## ACTIVITY:
For the records below, tally every line that has the word "video" and reply with the number alone.

## Stored records:
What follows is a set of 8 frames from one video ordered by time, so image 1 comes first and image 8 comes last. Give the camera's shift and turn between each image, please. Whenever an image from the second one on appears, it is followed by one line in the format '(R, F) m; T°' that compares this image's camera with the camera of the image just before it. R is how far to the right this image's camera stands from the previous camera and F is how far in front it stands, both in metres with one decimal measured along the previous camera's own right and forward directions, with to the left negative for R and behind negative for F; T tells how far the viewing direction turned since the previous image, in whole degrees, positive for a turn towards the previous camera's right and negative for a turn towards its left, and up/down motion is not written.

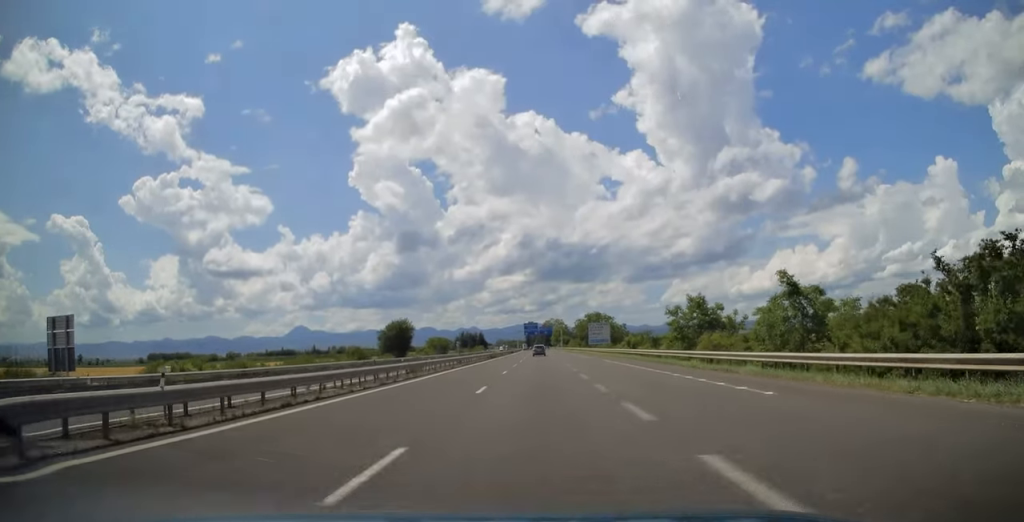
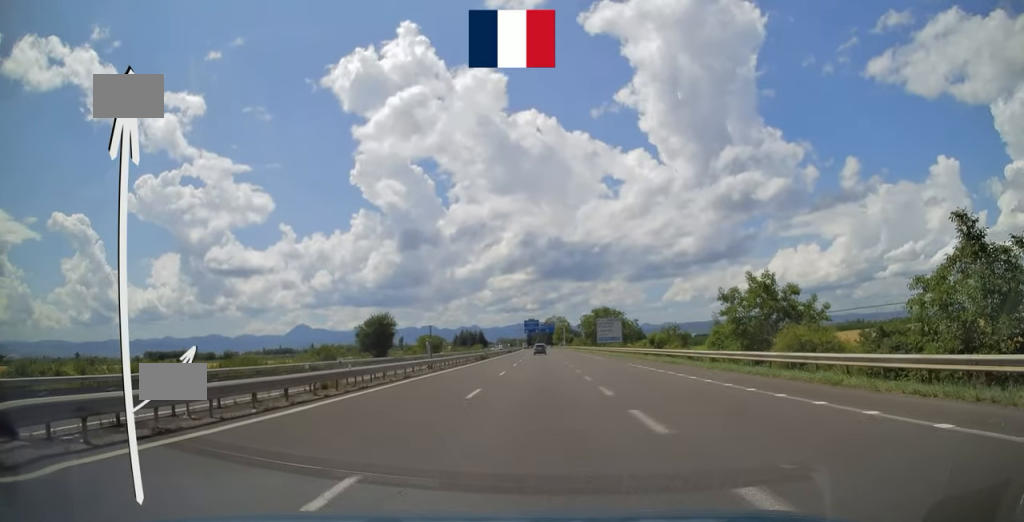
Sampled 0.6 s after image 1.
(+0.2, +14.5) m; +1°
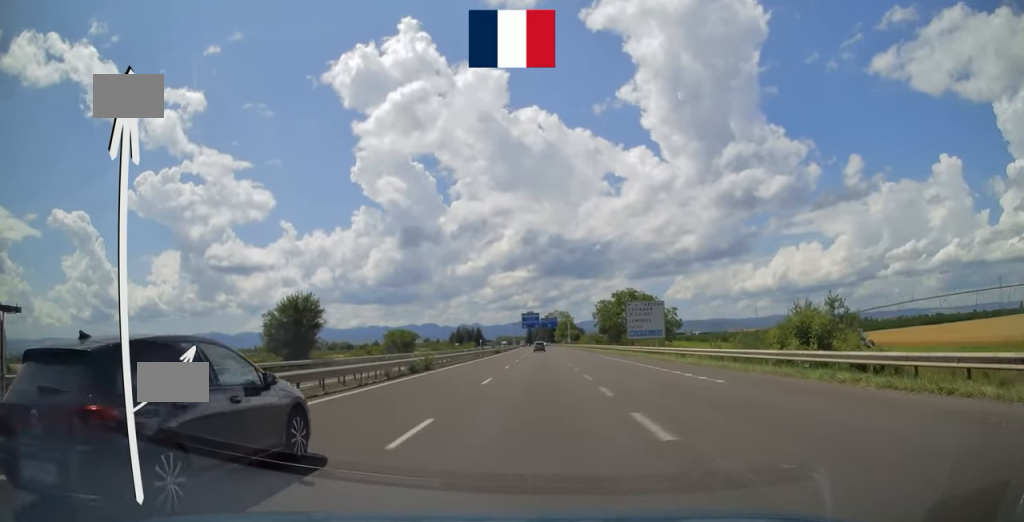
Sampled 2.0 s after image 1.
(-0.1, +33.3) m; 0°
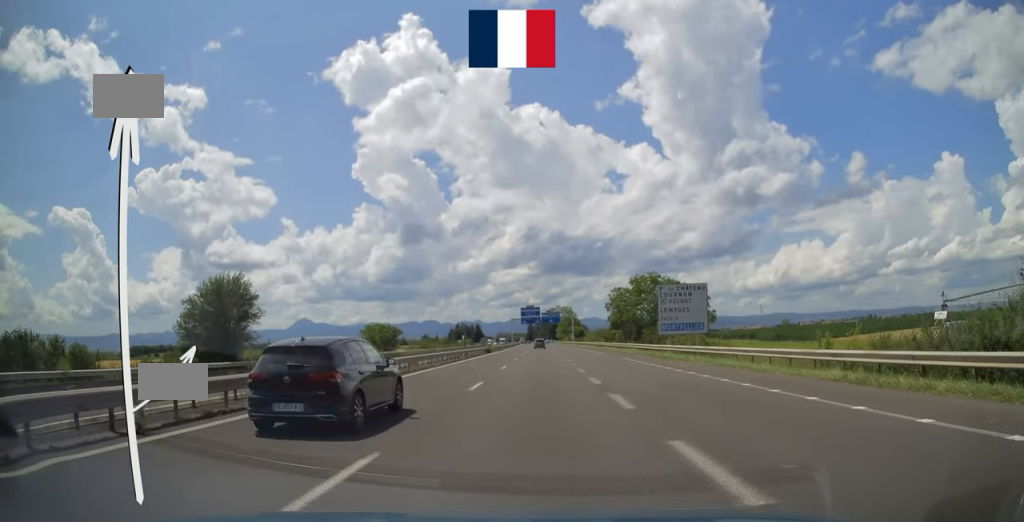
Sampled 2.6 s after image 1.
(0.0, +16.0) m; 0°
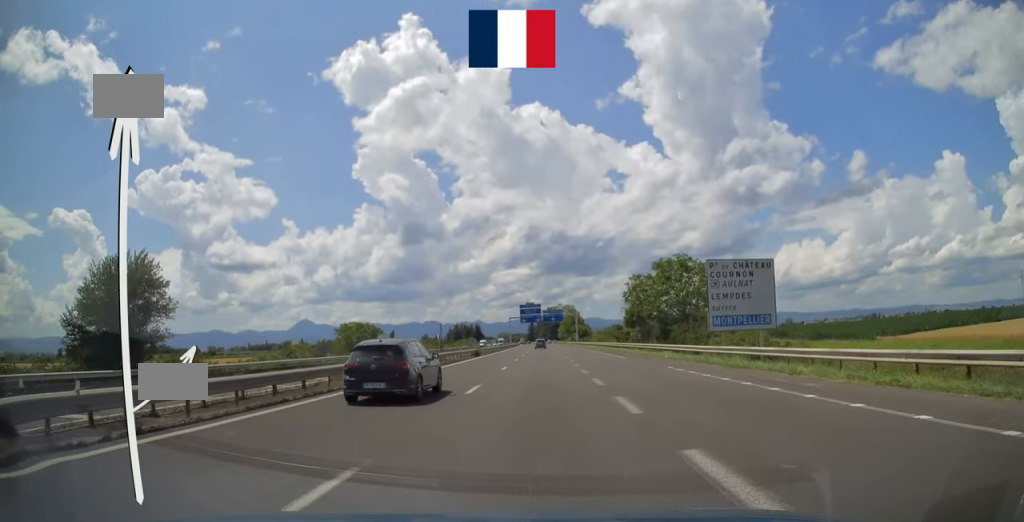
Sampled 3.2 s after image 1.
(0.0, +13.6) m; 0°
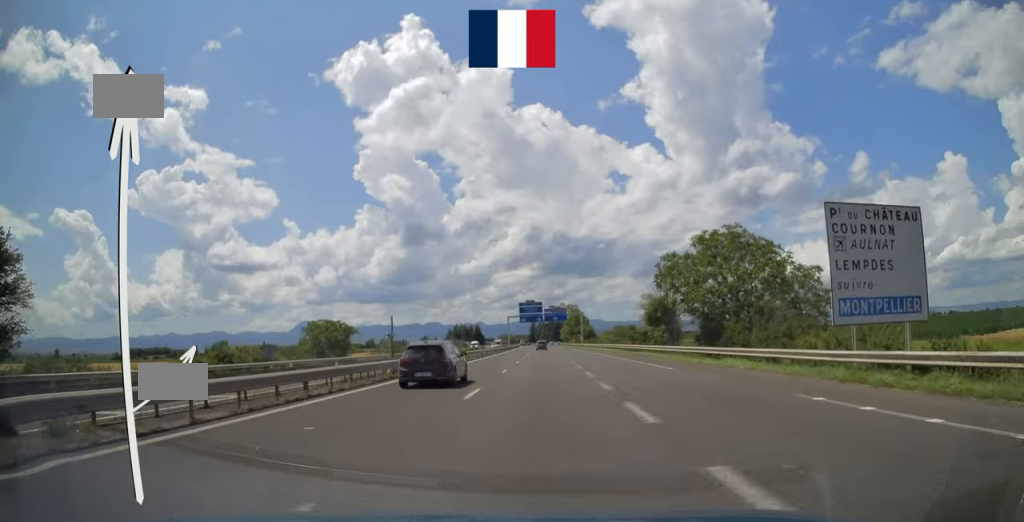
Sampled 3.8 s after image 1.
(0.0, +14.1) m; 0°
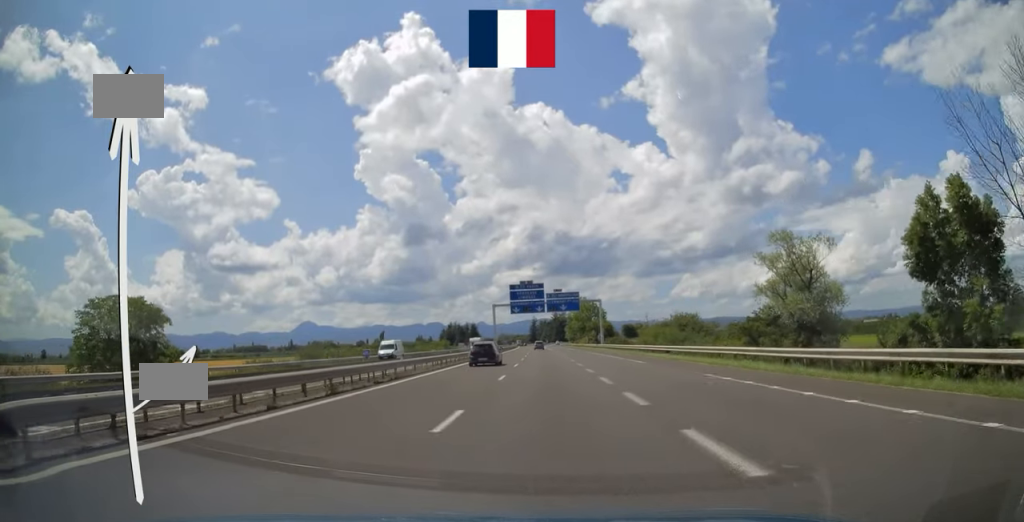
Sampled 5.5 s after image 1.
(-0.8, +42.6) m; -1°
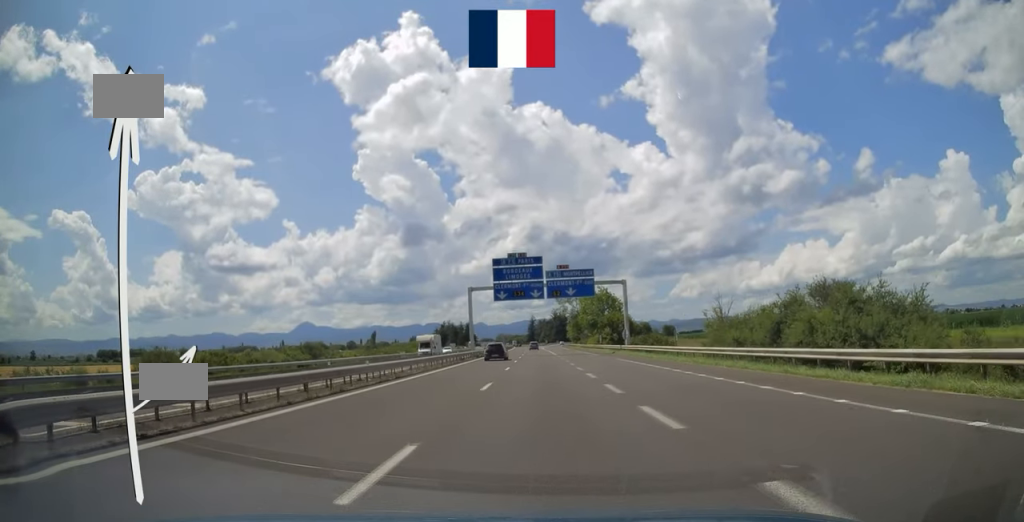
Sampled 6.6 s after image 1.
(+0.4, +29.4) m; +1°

---

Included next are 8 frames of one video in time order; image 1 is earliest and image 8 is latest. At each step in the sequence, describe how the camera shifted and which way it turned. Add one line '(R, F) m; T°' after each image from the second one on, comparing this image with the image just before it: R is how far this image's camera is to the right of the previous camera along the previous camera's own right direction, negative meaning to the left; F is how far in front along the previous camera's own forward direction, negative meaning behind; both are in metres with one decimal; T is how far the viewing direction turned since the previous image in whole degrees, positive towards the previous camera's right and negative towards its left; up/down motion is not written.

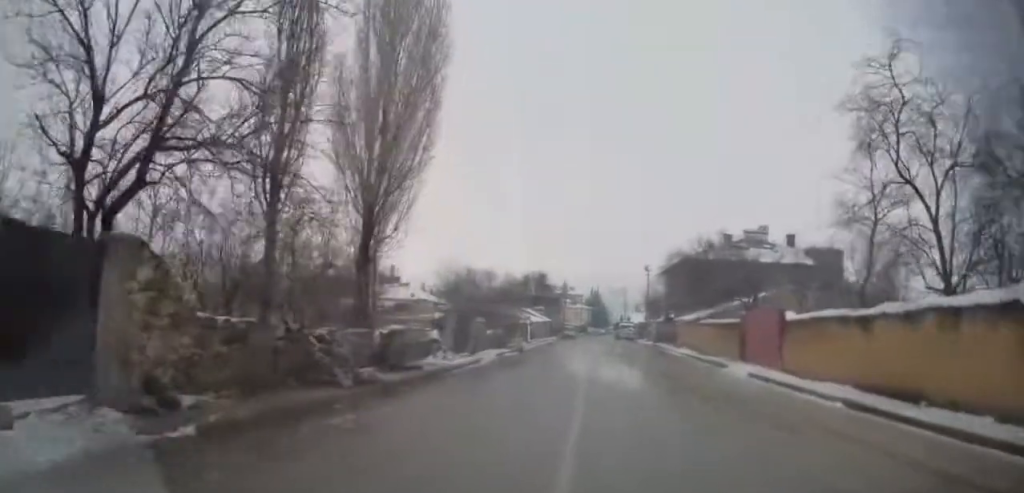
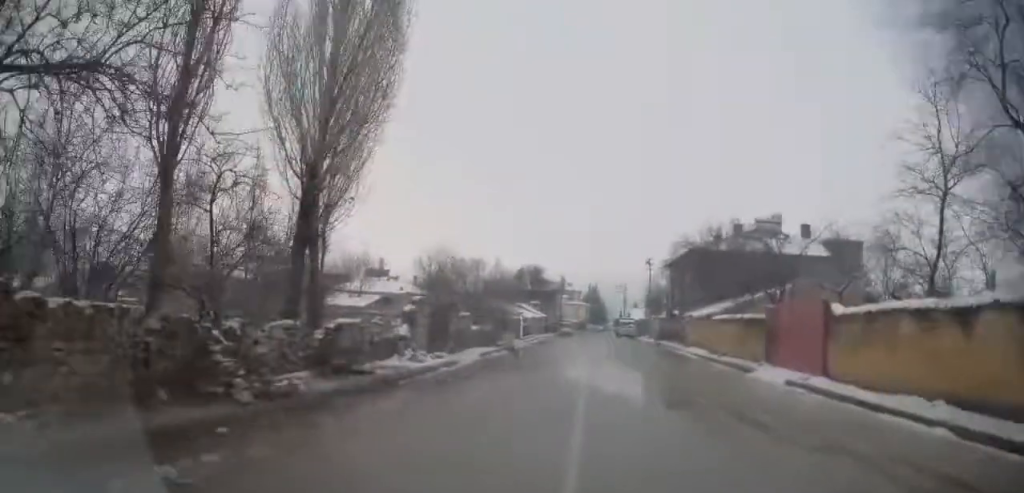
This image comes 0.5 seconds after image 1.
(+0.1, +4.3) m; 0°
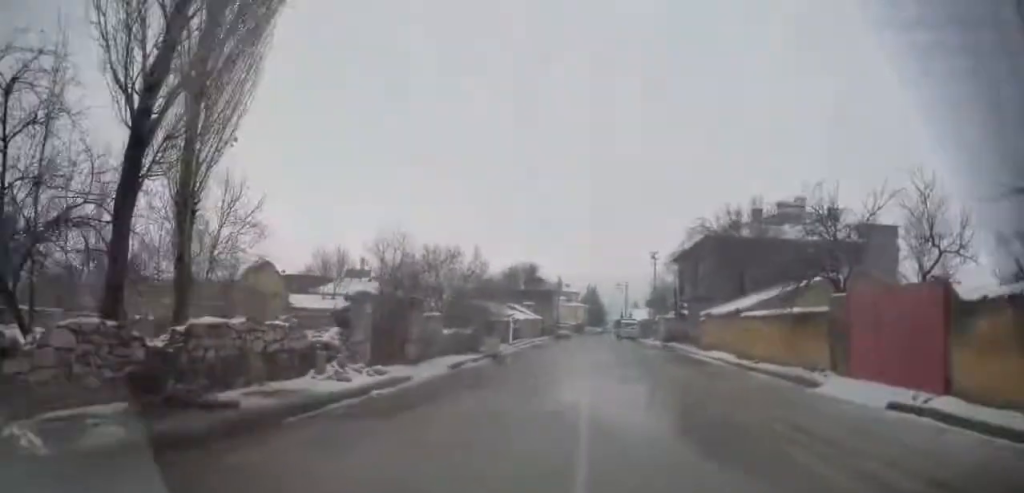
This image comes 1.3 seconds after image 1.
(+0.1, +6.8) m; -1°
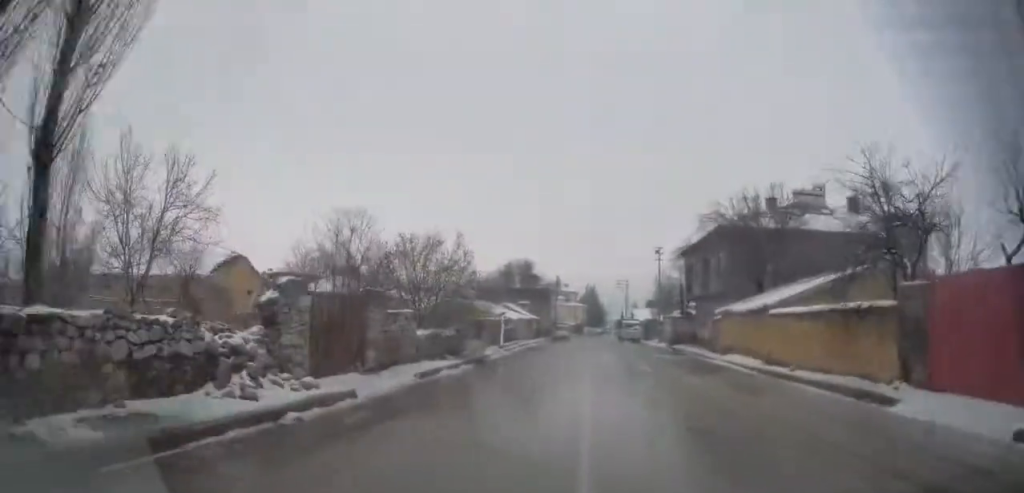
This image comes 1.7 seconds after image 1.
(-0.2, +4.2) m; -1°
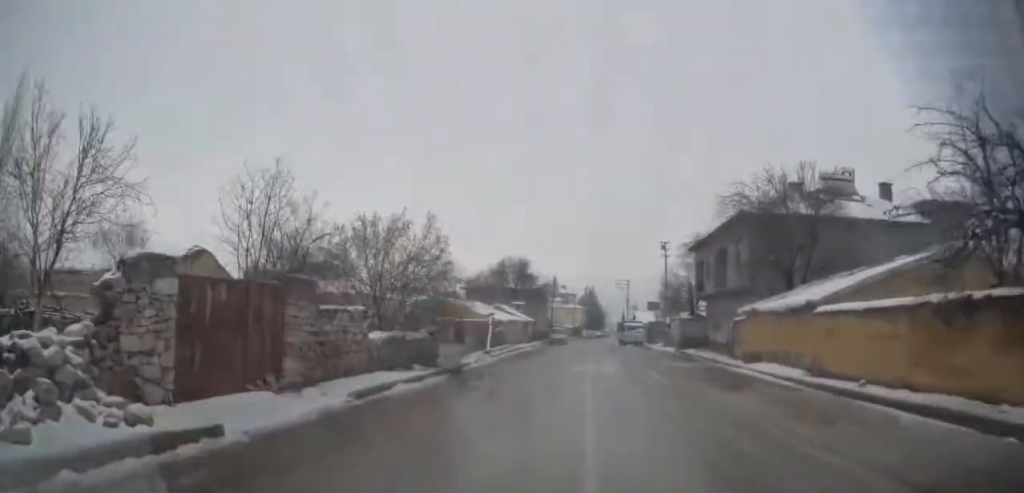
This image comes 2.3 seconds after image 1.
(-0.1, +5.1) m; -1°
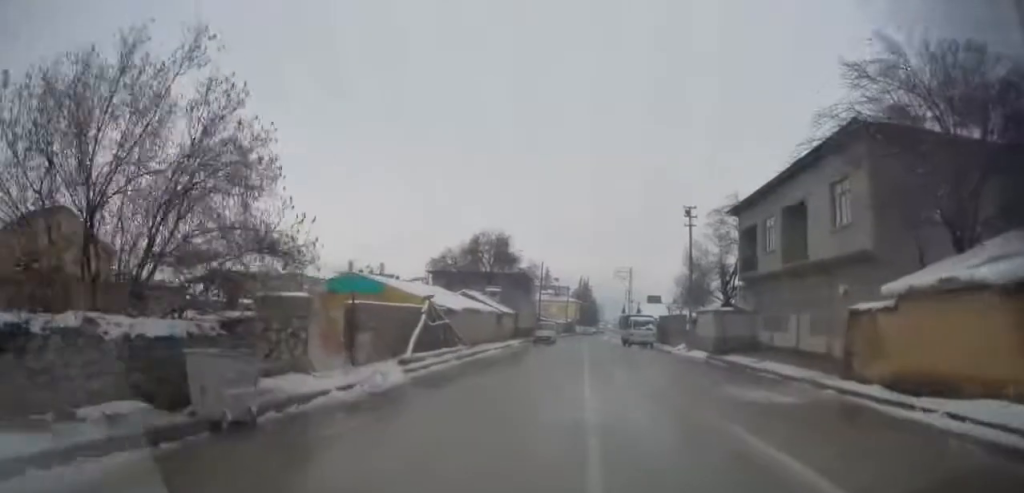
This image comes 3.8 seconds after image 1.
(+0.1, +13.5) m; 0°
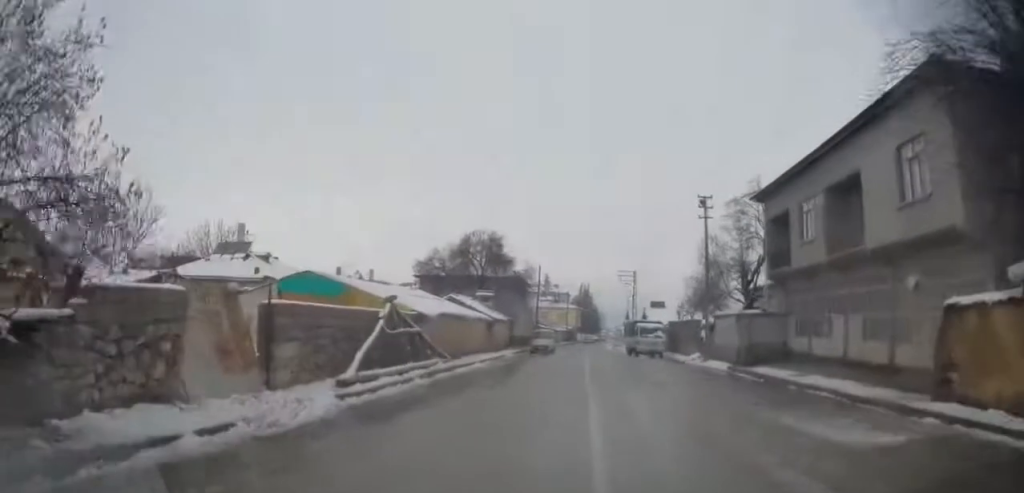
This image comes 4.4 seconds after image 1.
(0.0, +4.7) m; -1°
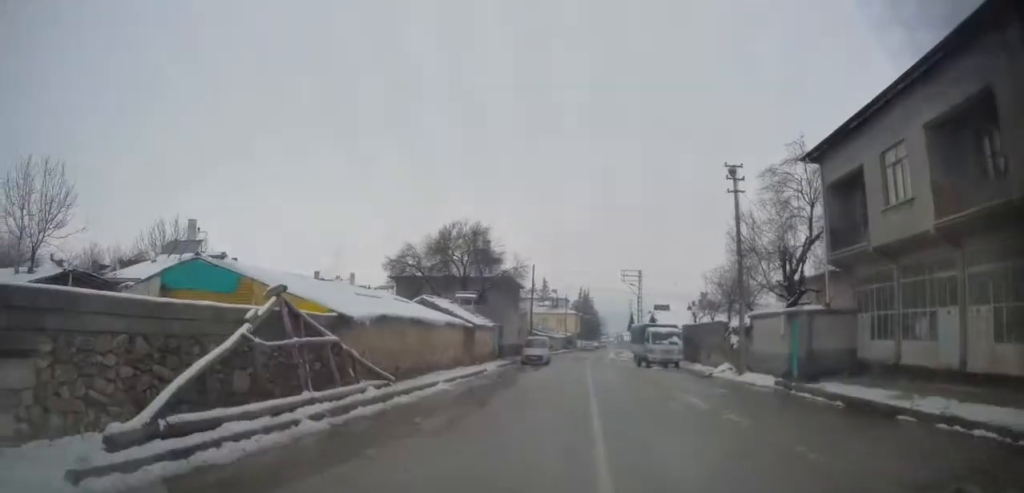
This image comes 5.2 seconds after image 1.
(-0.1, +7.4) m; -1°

## EXERCISE RESULT:
2